Practical Tips / What Actually Works
- Memorize the 4‑step cycle – Write it on a sticky note for a week. You’ll start seeing it in problems without even thinking.
- Always reduce the exponent first – Before you even touch i, calculate n mod 4. It turns a messy power into a single digit.
- Use the “remainder = 0” shortcut – If the remainder is 0, the answer is simply 1. That’s the easiest case.
- Check with the unit circle – Visual learners can picture the complex plane: each multiplication by i rotates 90° counter‑clockwise. After four rotations you’re back where you started.
- Write a one‑liner in code
def i_power(n):
r = n % 4
return [1, 1j, -1, -1j][r] # Python’s 1j is the imaginary unit
Now you’ve got a reusable function for any exponent.
- Teach it to a friend – Explaining the pattern out loud cements it in your brain. Plus, you’ll look like a math wizard at the next study group.
FAQ
Q: Is i²⁰ + 1 ever equal to 2?
A: Only if you read it as (i²⁰) + 1, which simplifies to 1 + 1 = 2. The original expression means i²¹, which equals i.
Q: Why does the cycle length equal 4?
A: Because multiplying by i rotates the complex plane 90°. Four 90° turns bring you full circle back to 1.
Q: Can this trick be used for other complex numbers?

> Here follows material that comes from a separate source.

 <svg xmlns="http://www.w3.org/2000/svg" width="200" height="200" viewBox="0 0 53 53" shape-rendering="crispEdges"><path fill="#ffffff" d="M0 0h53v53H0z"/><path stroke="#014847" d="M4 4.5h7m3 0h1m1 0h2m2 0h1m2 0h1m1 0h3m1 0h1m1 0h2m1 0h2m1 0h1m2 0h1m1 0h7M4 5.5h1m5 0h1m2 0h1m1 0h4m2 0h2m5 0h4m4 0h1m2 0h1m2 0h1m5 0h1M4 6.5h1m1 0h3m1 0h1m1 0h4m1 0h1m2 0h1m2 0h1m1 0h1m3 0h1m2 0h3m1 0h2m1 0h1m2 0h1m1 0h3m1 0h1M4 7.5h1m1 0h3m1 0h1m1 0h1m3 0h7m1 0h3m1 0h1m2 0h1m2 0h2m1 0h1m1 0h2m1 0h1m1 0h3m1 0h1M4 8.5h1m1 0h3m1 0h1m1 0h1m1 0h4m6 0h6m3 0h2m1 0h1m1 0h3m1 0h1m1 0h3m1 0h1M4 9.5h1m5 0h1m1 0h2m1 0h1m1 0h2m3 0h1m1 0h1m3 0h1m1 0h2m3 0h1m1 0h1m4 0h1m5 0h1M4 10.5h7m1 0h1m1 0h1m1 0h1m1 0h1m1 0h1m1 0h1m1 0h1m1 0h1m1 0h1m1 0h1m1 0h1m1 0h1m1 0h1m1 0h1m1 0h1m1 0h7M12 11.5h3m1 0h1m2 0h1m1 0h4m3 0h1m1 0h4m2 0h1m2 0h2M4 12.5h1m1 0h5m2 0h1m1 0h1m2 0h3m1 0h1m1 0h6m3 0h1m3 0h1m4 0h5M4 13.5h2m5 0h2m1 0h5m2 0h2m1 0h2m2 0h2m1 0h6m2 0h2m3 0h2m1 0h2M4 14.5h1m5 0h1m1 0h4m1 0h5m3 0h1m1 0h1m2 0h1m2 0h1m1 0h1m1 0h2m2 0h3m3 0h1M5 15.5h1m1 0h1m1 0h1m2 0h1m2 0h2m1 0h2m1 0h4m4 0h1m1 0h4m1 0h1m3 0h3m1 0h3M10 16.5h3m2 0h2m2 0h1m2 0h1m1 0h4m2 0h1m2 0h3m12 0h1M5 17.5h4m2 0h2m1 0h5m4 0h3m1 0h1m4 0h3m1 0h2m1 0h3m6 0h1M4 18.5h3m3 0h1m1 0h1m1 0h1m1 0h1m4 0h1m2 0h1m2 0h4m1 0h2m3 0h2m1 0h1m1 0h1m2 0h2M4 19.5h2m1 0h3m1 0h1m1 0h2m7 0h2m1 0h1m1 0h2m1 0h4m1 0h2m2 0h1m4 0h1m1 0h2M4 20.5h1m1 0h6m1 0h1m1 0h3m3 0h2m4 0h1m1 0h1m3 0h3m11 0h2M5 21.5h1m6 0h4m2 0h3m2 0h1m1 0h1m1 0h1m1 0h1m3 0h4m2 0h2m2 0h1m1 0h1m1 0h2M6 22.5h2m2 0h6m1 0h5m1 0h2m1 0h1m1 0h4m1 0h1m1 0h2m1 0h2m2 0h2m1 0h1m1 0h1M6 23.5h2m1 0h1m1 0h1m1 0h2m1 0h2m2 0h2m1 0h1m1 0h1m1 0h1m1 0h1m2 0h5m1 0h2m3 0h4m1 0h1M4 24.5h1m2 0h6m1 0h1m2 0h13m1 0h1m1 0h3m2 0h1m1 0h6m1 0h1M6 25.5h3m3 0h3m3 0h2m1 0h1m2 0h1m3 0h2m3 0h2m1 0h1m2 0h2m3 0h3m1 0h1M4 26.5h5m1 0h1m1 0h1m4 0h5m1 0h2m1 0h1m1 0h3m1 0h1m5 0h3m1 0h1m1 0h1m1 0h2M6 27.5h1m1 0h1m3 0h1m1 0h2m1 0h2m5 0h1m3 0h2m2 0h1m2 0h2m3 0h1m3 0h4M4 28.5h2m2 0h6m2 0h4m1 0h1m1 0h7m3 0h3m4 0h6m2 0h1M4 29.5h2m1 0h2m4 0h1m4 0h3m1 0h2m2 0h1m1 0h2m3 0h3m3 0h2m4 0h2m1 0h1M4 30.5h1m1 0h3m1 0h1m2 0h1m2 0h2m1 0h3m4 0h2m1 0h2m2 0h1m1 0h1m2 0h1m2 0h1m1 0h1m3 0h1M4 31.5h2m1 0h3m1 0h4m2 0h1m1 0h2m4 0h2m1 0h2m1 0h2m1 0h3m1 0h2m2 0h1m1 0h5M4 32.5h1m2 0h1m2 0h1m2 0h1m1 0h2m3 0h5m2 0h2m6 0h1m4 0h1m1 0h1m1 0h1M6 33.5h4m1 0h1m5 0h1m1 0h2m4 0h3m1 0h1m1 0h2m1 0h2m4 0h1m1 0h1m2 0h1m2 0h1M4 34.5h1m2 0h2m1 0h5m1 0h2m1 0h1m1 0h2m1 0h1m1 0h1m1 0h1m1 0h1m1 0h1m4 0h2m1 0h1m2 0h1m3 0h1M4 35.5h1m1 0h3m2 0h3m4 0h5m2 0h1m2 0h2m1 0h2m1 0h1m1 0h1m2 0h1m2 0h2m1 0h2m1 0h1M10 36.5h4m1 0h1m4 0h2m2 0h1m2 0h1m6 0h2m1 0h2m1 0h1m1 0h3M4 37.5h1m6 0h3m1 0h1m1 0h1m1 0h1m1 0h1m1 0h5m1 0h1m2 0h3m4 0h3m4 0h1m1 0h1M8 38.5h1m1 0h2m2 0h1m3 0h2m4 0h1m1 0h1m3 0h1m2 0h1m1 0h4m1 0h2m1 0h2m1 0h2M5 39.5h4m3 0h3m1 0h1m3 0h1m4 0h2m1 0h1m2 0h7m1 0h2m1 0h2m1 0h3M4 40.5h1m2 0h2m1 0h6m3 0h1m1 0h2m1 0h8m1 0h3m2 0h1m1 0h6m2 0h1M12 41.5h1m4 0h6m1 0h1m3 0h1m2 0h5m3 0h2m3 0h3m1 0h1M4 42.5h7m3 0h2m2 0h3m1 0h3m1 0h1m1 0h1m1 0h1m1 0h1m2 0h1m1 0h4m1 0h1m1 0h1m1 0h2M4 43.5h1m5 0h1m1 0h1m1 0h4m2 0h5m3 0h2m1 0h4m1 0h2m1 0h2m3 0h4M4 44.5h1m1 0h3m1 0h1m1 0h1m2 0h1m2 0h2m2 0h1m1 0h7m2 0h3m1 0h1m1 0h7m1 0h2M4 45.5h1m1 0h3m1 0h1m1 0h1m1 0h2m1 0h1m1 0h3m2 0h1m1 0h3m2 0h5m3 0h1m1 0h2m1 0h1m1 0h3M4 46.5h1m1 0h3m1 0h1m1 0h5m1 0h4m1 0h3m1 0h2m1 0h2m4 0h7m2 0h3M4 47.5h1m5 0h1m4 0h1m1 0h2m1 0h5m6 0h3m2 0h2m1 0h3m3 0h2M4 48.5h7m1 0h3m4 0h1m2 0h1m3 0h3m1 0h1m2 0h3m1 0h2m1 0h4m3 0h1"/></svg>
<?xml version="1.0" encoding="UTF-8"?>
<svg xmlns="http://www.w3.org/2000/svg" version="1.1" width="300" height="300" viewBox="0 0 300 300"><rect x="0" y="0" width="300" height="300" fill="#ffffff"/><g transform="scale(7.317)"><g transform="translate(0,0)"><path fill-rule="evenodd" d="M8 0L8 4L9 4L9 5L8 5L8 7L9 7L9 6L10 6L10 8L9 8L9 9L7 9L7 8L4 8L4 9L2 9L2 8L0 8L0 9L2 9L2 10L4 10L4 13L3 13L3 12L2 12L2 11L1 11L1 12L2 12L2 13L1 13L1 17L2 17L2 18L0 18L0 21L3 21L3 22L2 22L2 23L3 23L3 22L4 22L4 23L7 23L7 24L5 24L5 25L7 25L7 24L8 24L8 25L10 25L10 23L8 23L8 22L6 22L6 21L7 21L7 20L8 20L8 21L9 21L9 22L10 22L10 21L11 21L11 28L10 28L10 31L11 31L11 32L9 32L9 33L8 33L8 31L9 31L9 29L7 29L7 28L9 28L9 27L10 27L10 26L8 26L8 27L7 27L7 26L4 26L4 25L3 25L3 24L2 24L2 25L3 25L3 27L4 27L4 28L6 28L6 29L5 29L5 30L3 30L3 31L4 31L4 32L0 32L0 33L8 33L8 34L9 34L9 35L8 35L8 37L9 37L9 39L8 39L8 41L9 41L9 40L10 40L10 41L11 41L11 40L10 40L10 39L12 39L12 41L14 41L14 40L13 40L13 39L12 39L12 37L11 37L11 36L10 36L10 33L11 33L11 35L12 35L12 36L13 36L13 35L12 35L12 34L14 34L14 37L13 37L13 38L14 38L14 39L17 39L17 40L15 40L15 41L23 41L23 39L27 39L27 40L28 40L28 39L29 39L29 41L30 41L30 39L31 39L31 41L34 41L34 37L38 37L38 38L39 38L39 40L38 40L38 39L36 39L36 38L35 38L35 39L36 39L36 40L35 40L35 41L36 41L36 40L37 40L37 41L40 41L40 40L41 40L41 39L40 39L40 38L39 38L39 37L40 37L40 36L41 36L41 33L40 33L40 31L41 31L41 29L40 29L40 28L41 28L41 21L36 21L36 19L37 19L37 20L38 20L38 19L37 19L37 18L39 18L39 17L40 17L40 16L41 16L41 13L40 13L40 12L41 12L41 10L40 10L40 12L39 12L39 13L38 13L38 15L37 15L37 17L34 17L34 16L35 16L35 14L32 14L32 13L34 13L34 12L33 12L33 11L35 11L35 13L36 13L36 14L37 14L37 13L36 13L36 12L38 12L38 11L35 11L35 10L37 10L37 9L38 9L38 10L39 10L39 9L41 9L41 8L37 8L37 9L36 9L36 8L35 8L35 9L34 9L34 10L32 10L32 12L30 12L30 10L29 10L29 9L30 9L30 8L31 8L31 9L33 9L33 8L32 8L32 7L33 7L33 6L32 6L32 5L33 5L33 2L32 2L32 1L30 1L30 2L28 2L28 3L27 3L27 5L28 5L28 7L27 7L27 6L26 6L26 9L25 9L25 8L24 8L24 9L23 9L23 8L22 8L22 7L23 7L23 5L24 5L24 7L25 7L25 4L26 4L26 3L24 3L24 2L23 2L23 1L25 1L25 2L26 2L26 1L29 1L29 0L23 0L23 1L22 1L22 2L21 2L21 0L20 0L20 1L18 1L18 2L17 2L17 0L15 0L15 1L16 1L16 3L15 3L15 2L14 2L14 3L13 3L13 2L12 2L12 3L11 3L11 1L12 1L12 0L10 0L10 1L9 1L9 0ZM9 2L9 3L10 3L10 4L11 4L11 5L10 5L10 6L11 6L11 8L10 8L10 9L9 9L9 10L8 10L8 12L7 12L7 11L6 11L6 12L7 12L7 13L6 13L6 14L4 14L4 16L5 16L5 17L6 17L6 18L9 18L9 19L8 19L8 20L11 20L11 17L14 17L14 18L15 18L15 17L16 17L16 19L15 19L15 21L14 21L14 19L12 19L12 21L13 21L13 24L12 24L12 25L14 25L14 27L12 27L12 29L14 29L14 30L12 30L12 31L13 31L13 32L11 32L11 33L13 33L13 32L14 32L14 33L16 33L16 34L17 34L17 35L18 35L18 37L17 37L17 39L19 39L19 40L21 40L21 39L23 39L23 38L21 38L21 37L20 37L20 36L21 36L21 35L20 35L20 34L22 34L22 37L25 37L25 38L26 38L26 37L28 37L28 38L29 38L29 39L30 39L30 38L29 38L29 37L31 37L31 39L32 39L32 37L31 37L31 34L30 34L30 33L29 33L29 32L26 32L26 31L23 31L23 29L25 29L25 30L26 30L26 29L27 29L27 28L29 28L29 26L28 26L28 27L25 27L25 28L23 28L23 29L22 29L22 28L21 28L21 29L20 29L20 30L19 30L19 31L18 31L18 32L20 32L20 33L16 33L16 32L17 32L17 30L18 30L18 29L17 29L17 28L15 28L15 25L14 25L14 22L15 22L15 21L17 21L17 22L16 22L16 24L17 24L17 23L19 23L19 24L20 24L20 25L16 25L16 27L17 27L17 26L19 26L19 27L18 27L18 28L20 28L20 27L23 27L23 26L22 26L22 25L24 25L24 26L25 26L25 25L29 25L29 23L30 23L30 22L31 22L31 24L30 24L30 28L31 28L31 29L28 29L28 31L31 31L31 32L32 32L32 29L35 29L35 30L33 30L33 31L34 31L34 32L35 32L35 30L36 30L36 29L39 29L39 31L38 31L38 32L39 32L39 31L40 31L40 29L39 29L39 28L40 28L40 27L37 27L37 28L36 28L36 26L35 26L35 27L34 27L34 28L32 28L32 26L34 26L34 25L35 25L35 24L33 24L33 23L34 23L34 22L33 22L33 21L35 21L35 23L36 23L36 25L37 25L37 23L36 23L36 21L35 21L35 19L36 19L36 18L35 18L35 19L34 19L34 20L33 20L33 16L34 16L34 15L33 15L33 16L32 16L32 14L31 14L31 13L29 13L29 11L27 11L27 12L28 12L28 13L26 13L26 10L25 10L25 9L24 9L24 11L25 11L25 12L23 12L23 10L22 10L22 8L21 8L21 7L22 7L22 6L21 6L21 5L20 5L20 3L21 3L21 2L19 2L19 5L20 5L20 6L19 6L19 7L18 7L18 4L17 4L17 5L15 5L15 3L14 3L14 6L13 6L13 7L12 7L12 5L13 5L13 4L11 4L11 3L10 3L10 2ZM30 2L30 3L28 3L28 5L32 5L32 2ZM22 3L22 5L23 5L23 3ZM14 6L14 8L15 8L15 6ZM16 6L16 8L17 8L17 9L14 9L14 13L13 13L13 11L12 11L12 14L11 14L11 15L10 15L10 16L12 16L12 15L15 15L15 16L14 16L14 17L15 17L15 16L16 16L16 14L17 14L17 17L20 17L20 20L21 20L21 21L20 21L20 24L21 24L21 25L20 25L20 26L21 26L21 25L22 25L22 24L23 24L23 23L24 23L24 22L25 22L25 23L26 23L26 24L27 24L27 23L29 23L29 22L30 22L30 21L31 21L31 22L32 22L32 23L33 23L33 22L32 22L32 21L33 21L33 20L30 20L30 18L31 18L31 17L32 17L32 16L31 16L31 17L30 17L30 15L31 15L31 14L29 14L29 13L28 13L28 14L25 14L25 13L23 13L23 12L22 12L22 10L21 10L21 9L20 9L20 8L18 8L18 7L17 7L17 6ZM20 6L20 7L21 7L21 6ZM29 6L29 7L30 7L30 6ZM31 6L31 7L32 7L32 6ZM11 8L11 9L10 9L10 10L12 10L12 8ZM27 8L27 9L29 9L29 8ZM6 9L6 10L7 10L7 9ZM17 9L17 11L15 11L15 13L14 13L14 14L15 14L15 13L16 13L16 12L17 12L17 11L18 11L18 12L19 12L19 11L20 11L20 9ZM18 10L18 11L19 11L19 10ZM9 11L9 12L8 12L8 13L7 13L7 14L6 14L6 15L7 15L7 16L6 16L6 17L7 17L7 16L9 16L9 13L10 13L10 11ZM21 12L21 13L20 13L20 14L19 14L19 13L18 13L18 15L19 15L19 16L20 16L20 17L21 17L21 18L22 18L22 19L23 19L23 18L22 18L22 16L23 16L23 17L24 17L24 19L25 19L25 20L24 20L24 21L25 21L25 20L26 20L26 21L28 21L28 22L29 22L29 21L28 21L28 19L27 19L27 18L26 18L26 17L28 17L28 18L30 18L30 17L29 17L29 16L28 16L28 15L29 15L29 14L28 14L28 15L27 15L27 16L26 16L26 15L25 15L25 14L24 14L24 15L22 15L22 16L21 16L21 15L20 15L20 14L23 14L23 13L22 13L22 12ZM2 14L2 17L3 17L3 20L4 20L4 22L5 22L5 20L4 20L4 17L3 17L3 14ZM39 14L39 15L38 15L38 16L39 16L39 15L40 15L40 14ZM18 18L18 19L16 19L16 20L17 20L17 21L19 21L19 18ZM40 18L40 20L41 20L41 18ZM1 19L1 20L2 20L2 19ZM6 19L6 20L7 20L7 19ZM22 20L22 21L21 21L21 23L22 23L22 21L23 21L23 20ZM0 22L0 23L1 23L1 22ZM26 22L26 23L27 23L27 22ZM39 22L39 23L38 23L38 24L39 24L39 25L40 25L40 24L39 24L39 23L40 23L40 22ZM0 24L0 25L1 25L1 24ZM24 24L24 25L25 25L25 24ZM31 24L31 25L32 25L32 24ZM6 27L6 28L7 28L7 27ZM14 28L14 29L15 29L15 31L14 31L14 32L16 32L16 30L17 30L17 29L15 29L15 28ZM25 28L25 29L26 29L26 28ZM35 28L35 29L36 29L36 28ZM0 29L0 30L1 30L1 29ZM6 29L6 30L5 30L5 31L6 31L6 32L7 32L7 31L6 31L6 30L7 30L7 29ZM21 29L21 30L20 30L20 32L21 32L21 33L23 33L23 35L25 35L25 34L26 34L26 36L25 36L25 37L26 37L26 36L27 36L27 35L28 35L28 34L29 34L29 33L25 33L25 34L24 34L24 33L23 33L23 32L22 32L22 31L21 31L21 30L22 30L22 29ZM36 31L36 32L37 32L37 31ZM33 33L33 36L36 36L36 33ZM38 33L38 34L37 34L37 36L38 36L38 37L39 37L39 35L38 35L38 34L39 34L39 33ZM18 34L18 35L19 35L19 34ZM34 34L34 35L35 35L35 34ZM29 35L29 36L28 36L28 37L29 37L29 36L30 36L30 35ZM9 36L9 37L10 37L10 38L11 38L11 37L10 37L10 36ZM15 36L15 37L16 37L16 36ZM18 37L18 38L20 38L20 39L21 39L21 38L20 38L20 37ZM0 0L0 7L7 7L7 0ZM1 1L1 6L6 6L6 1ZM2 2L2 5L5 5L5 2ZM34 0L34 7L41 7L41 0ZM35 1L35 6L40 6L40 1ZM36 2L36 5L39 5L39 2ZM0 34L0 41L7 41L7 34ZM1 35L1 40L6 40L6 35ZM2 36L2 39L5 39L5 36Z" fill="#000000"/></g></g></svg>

A: Yes, any number of the form a + bi* raised to a high power can often be reduced using De Moivre’s theorem, which also relies on periodicity.
Q: What if the exponent is negative?
A: Compute the positive remainder first, then take the reciprocal. To give you an idea, i⁻³ = 1/(i³) = 1/(–i) = i.
Q: Does this work in modular arithmetic with other bases?
A: The idea of reducing exponents by the order of the base works for any element in a finite group. For i, the order is 4 Less friction, more output..
So the next time you see i²⁰ + 1, you’ll know exactly what to do: drop the “20 + 1” into a quick division, spot the remainder 1, and answer i without breaking a sweat. It’s a tiny victory, but those little wins add up to big confidence in math. Now, keep the cycle in mind, and let it rotate your problems into place. Happy calculating!